As an outcome of the report and subsequent to a letter from the Ministry of Home Affairs seeking implementation of the recommendations, the National Legal Services Authority launched a 10-day campaign in May 2018 to identify key issues impacting women prisoners and take concrete steps to uphold their rights. The campaign is being executed by the State Legal Service Authorities and District Legal Service Authorities covering every jail which housed women inmates. The National Commission for Women and the Ministry of Women and Child Development, too, have initiated studies on improving conditions of women prisons across the country.
But are the setting up of committees and developing policy recommendations enough to change ground realities? India is not new to policy or even legislative reforms for prisons. Over 30 years ago in the 1980s, the Justice Mulla Committee Report on Prison Reforms and the Justice Krishna Iyer Committee on Women Prisoners, made sweeping recommendations, especially on prison conditions and the state of undertrial prisoners.

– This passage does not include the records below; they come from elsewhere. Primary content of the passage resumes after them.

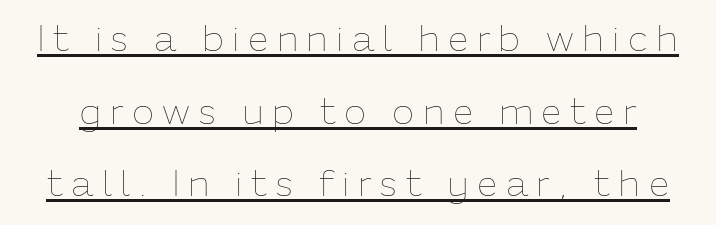
Q: Is the text bold? A: No.
Q: Is the text italic (slanted)? A: No, it is upright.
Q: Is the text underlined? A: Yes.
Q: Is the spacing between letters normal or unusually wide? A: Unusually wide.
Q: Is the spacing between lines tight, normal or loose? A: Loose.
Q: Width (condensed, normal, or wide)? A: Normal.
Q: Stroke contrast? A: Low.
Q: x-height? A: Medium.
Q: Monospaced? A: No.
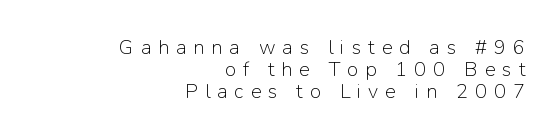
{"italic": "no", "bold": "no", "underline": "no", "align": "right", "line_spacing": "tight", "line_spacing_ratio": 1.11, "letter_spacing": "wide", "letter_spacing_em": 0.35, "glyph_px": 20}
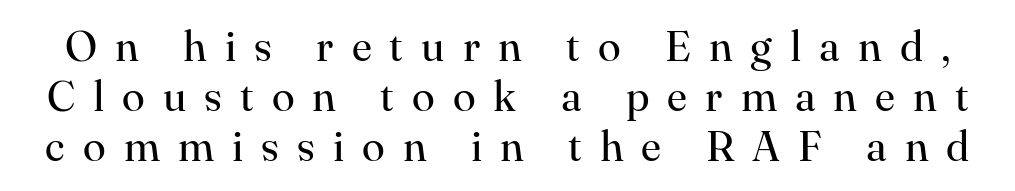
{"serif": "yes", "italic": "no", "bold": "no", "weight": "regular", "width": "normal", "stroke_contrast": "high", "x_height": "small", "monospaced": "no", "underline": "no", "line_spacing_ratio": 1.19, "letter_spacing": "wide", "letter_spacing_em": 0.43, "glyph_px": 42}
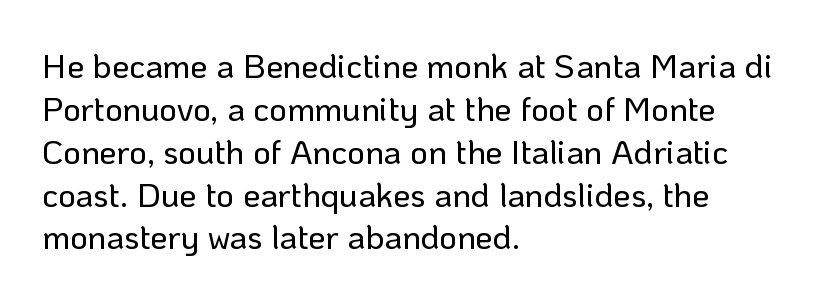
The image shows 34 px sans-serif type, upright; set left-aligned, normal line spacing (1.26x), normal letter spacing, not underlined; low stroke contrast and a medium x-height.
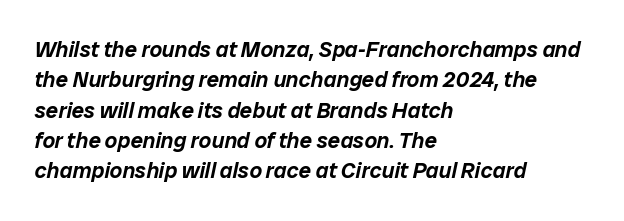
Q: Is the text italic (slanted)? A: Yes, it leans right by about 12 degrees.
Q: Is the text underlined? A: No.
Q: How is the paragraph aligned? A: Left-aligned.
Q: Is the spacing between letters normal or unusually wide? A: Normal.
Q: Is the spacing between lines tight, normal or loose? A: Normal.
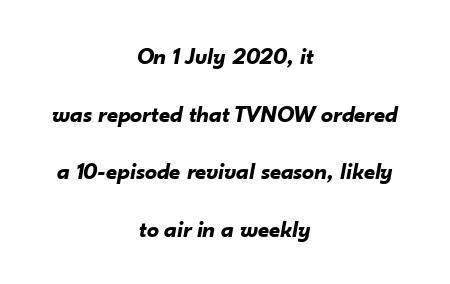
{"italic": "yes", "lean": "right", "slant_degrees": 10, "bold": "yes", "underline": "no", "align": "center", "line_spacing": "loose", "line_spacing_ratio": 2.4, "letter_spacing": "normal", "letter_spacing_em": 0.0, "glyph_px": 24}
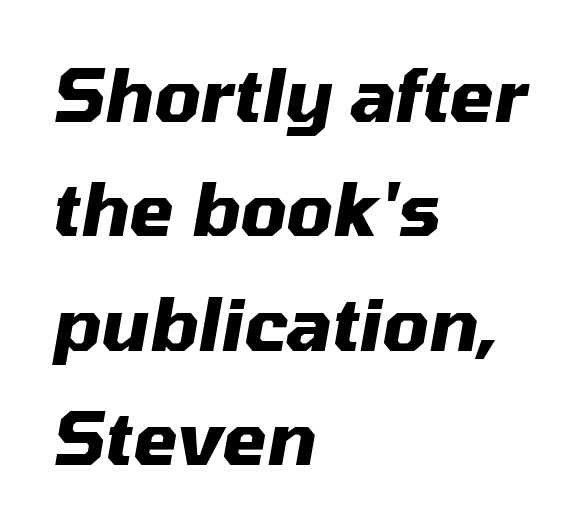
{"italic": "yes", "lean": "right", "slant_degrees": 10, "bold": "yes", "weight": "heavy", "width": "normal", "stroke_contrast": "medium", "x_height": "medium", "monospaced": "no", "underline": "no", "align": "left", "line_spacing": "normal", "line_spacing_ratio": 1.59, "letter_spacing": "normal", "letter_spacing_em": 0.0, "glyph_px": 72}
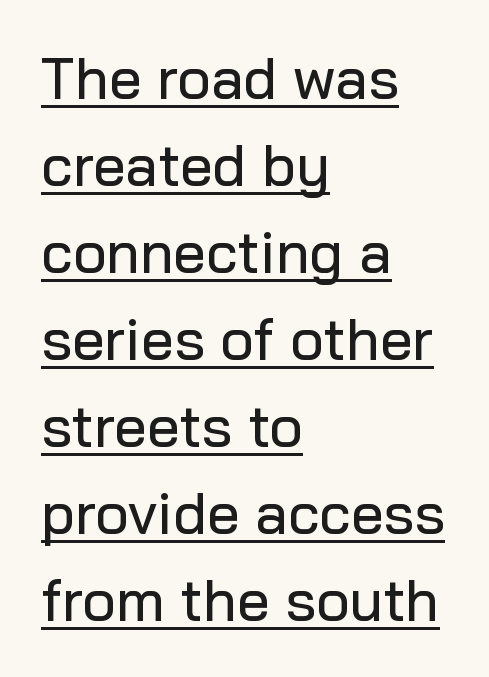
{"serif": "no", "italic": "no", "width": "normal", "stroke_contrast": "low", "x_height": "medium", "monospaced": "no", "underline": "yes", "align": "left", "line_spacing": "normal", "line_spacing_ratio": 1.5, "letter_spacing": "normal", "letter_spacing_em": 0.0, "glyph_px": 58}
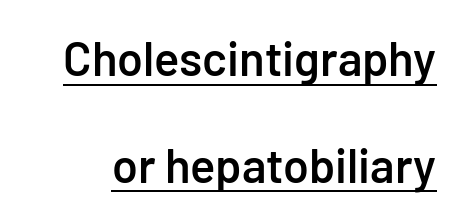
Q: Is the text bold? A: Semi-bold.
Q: Is the text italic (slanted)? A: No, it is upright.
Q: Is the typeface a serif or a sans-serif typeface? A: Sans-serif.
Q: Is the text underlined? A: Yes.
Q: Is the spacing between letters normal or unusually wide? A: Normal.
Q: Is the spacing between lines tight, normal or loose? A: Loose.
Q: Width (condensed, normal, or wide)? A: Normal.
Q: Stroke contrast? A: Low.
Q: x-height? A: Medium.
Q: Monospaced? A: No.
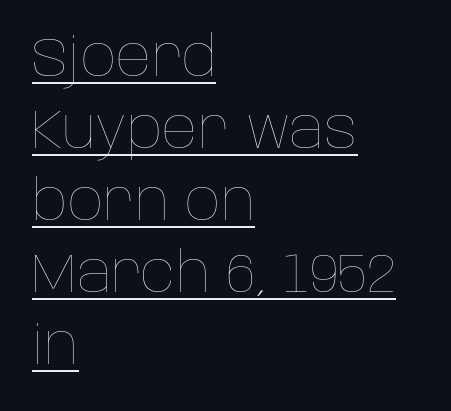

These committees were among the first to recommend, among other things, legal aid to prisoners, initiation of rehabilitative and aftercare services and district-level committees to review cases of undertrials and recommend their early release.
India’s Supreme Court, from time to time, has also given directives on the issue, the most recent being in the ‘Re-Inhuman Conditions in 1382 Prisons’. A slew of orders by the Supreme Court have sought to drive change on issues of overcrowding, staff vacancy and deaths in prisons. However, without robust on ground implementation in the sprawling correctional system, these proposed changes may be doomed to remain on paper.
After all, it took the court a full year in the Shetye case to file charges against her alleged attackers and for the trial to begin. This despite the interest and pressure brought to bear by political leaders as well as activist groups and media. These indicate both the infirmity and tardiness of the system as well as the people running it in addition to stubborn internal resistance to change even when this is being sought by the highest court and by lawmakers.
We can hope for a speedy trial, and that the perpetrators of the assaults, which led to her painful death, will be held accountable. Making the process transparent and swift would set an example which can reduce torture in prisons, curb excesses by those in authority, control abuse of power and end impunity.
Indeed, Manjula Shetye’s case is another reason why India, which signed the United Nations Convention against Torture in 1997, should ratify it to create safe spaces for prisoners and to hold those who abuse them to account. It would show India’s commitment to international human rights conventions that uphold gender dignity, assert the primacy of law and the rights or ordinary people.
Sabika Abbas is Project Officer, Prison Reforms Programme at the Commonwealth Human Rights Initiative. She holds a Master’s in Social Work with specialisation in Criminology from TISS, Mumbai.
Note: The article was edited to note that India has signed the Torture Convention in 1997 but not ratified it.